Update all outputs at once
Once the user has created an element of the
ReplaceOuptuts
class, the method
update_all_outputs()
can be used to update all the tables
and figures defined in the yml file. No parameters have to be defined
and, in the background, it iterates through all the outputs in the yml
file, and assigns them in the correct location in the updated docx file
with the correct format.
uo <- rdocx::ReplaceOutputs$new(
template_docx_filename = system.file(
"use_cases/02_automated_reporting",
"Automated_Reporting_Example.docx",
package="rdocx"
),
outputs_path = system.file(
"use_cases/02_automated_reporting/example_outputs",
package="rdocx"
),
doc_final_filename = "./test.docx",
yml_filename = system.file(
"use_cases/02_automated_reporting",
"example_yml_1.yml",
package="rdocx"
)
)
uo$update_all_outputs()
3. Inspect the updated docx report
You should now have rendered your docx file in the location
doc_final_filename
. Please, review the rendering to
ensure it is as expected.
Logging your settings and session info
The update_all_outputs()
function also logs information
to aid reproducibility and traceability.
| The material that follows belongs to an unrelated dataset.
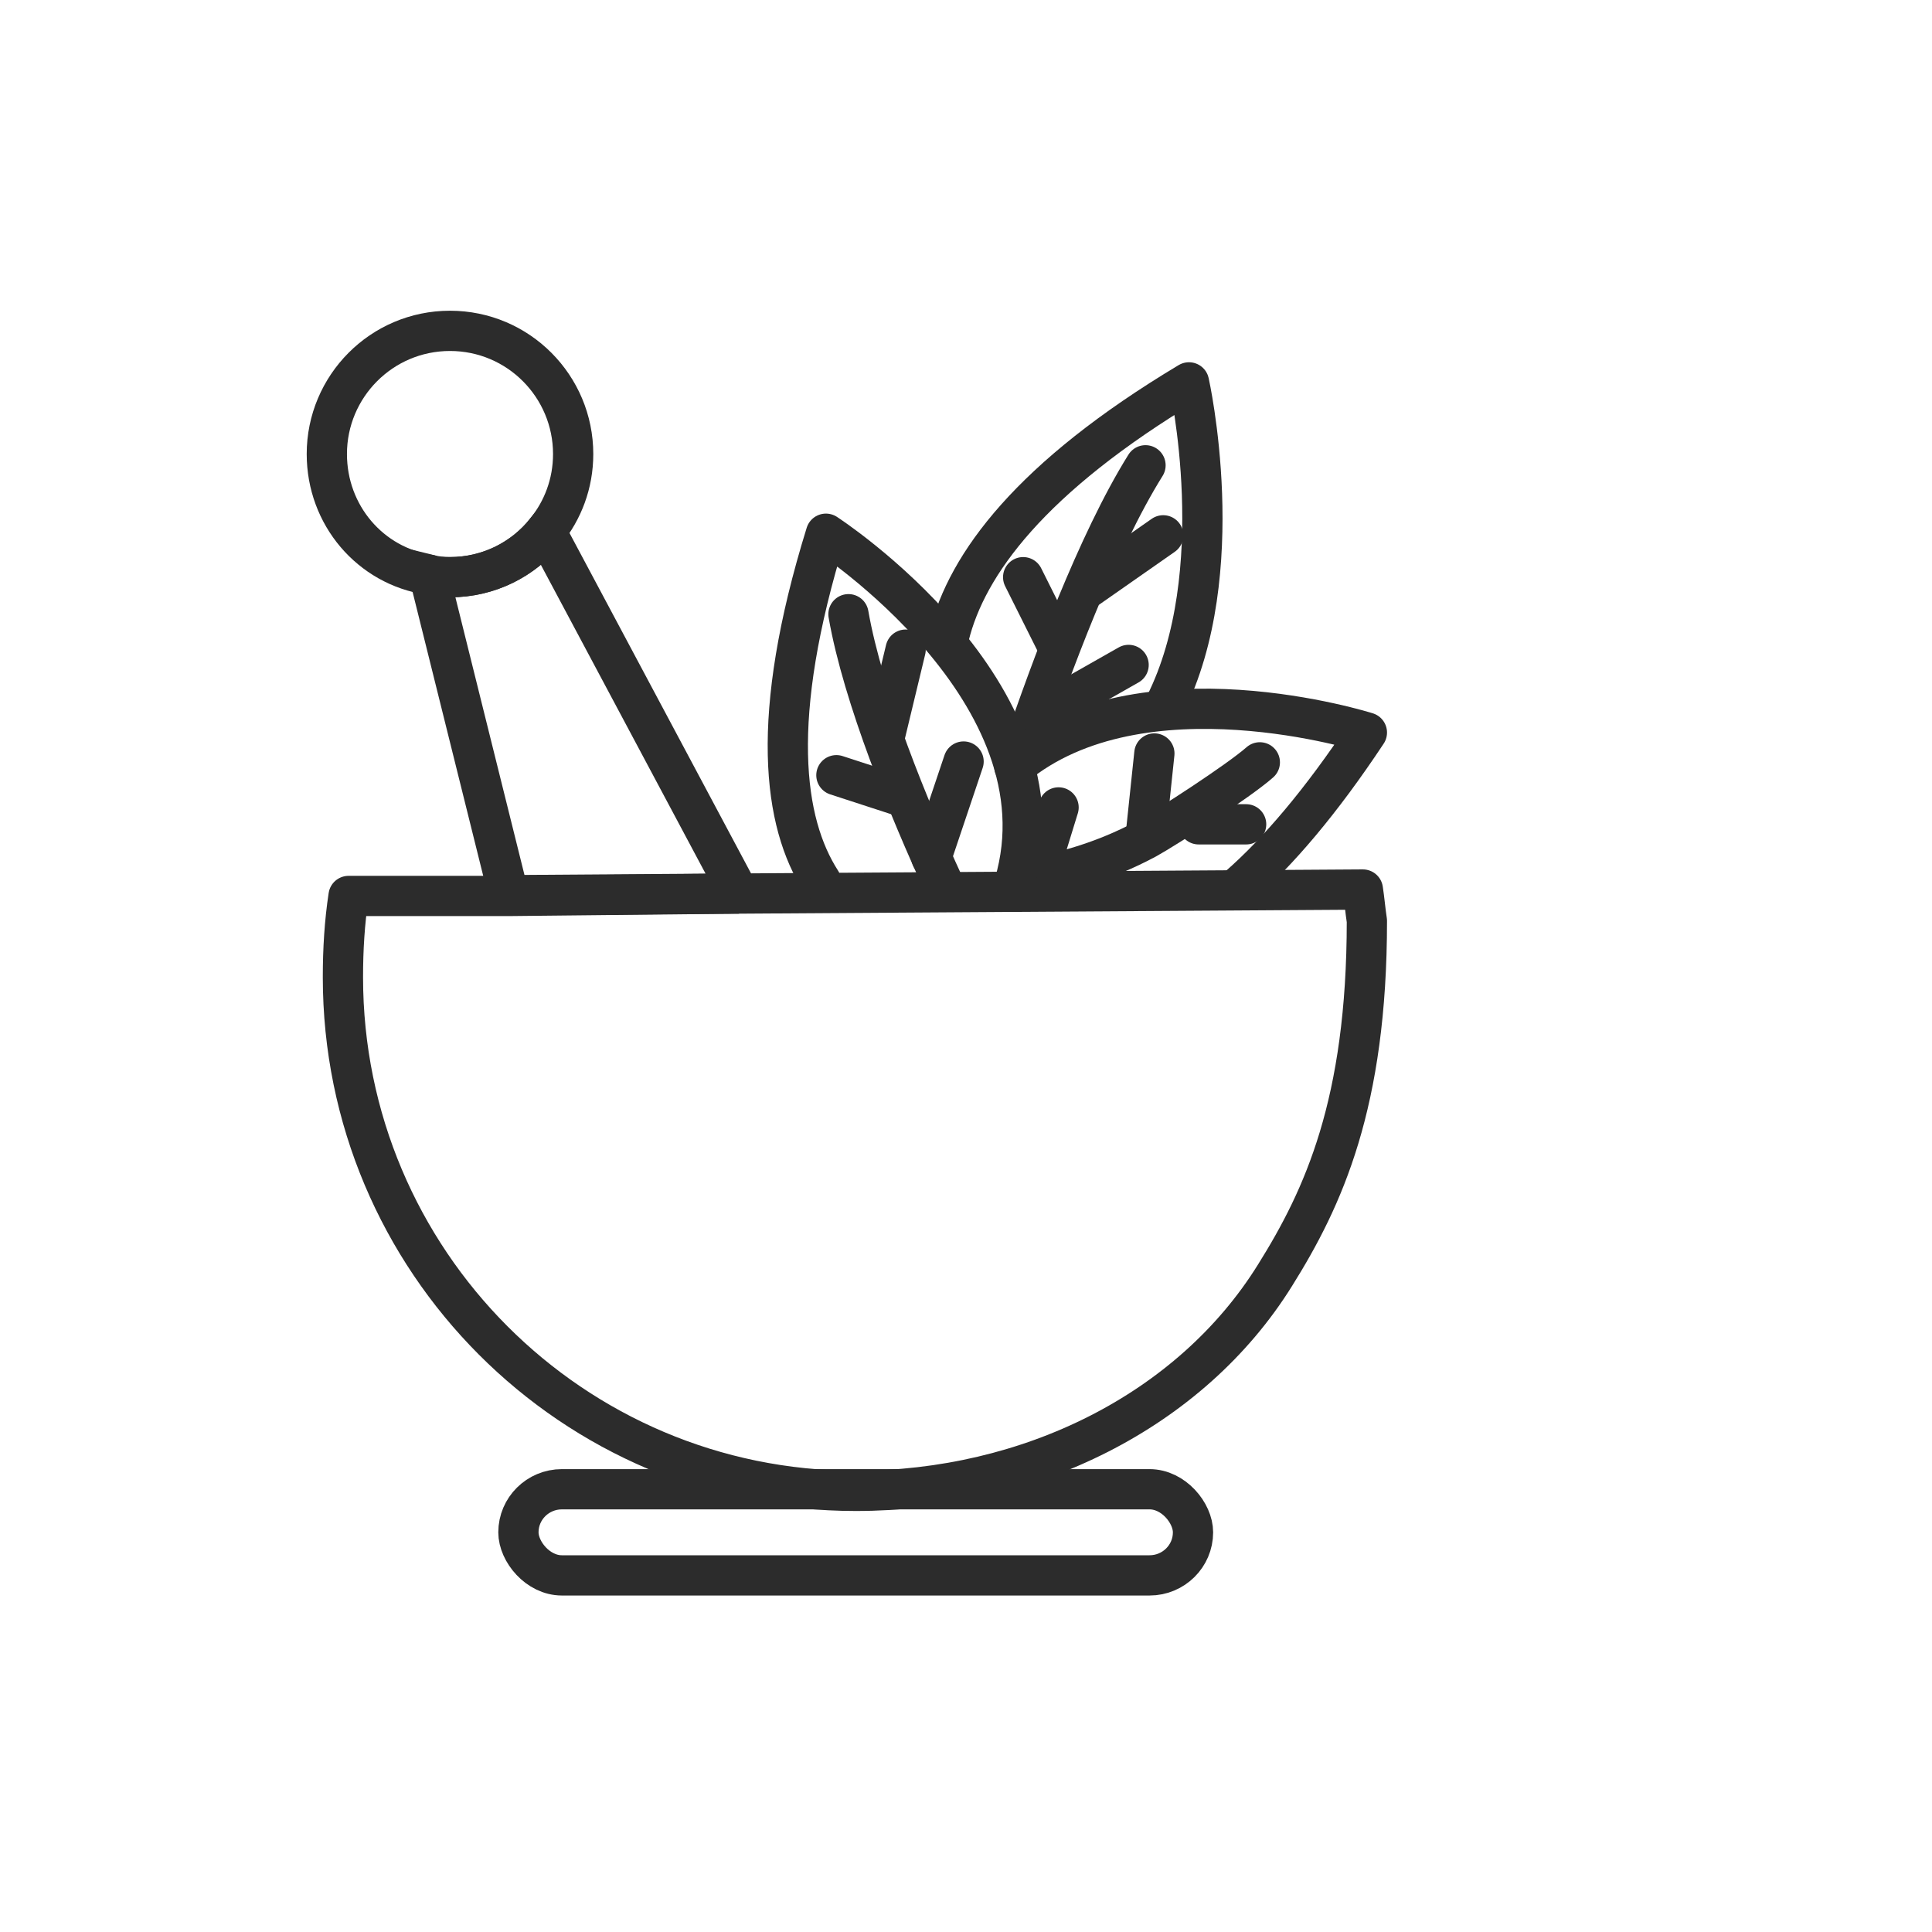<?xml version="1.0" encoding="UTF-8"?><svg id="Ebene_1" xmlns="http://www.w3.org/2000/svg" viewBox="0 0 24 24"><defs><style>.cls-1{stroke-linecap:round;stroke-linejoin:round;}.cls-1,.cls-2{fill:none;stroke:#2c2c2c;stroke-width:.5px;}.cls-2{stroke-miterlimit:10;}</style></defs><path class="cls-1" d="m16.98,11.44c0,2.27-.54,3.44-1.14,4.4-1.05,1.69-3.06,2.68-5.21,2.68-3.52,0-6.37-2.86-6.37-6.38,0-.35.02-.68.07-1.01h1.99s2.86-.03,2.86-.03l7.75-.05c.02.13.03.26.05.39Z"/><rect class="cls-1" x="6.44" y="18.5" width="8.38" height="1.07" rx=".54" ry=".54"/><path class="cls-1" d="m15.39,11.01c.49-.43,1.02-1.05,1.59-1.91,0,0-2.8-.89-4.38.42"/><path class="cls-1" d="m12.73,10.92c.44-.07.97-.21,1.51-.5.27-.15,1.15-.72,1.41-.95"/><line class="cls-1" x1="14.34" y1="9.36" x2="14.24" y2="10.31"/><line class="cls-1" x1="12.91" y1="10.81" x2="13.15" y2="10.03"/><path class="cls-1" d="m10.2,10.95c-.47-.73-.65-2.03.06-4.32,0,0,3.04,1.97,2.34,4.35"/><path class="cls-1" d="m11.72,10.98c-.42-.91-1-2.32-1.18-3.35"/><line class="cls-1" x1="10.99" y1="9.15" x2="11.25" y2="8.07"/><line class="cls-1" x1="11.25" y1="9.91" x2="10.39" y2="9.63"/><line class="cls-1" x1="11.57" y1="10.65" x2="11.97" y2="9.46"/><line class="cls-1" x1="14.89" y1="10.24" x2="15.48" y2="10.24"/><path class="cls-1" d="m11.79,7.9c.22-.89,1.01-1.97,2.98-3.15,0,0,.53,2.36-.3,4.01"/><path class="cls-1" d="m12.71,9.31c.34-1,.92-2.57,1.52-3.53"/><line class="cls-1" x1="13.52" y1="7.3" x2="14.45" y2="6.65"/><line class="cls-1" x1="13.14" y1="8.03" x2="12.71" y2="7.17"/><line class="cls-1" x1="12.91" y1="8.89" x2="14.02" y2="8.26"/><path class="cls-2" d="m9.18,11.1l-2.86.02-.99-3.98c.08.02.17.03.26.03.48,0,.91-.22,1.19-.57l2.4,4.5Z"/><path class="cls-2" d="m7.12,5.64c0,.37-.13.7-.34.96-.28.35-.71.57-1.19.57-.09,0-.18,0-.26-.03-.73-.11-1.27-.74-1.27-1.5,0-.84.68-1.53,1.53-1.53s1.53.69,1.53,1.53Z"/></svg>

The log file will be written to
the same location as the doc_final_filename
. The log file
will contain the following information:
The path to the original and final docx document
The outputs folder and yml file location
The name of the figures/tables changed, and the path of the new figure/table added
The path from where your R libraries are loaded (i.e. the package bundle version)
The R session info provided by
sessionInfo()
👀 If you encounter an error please raise an issue for the {rdocx} package team.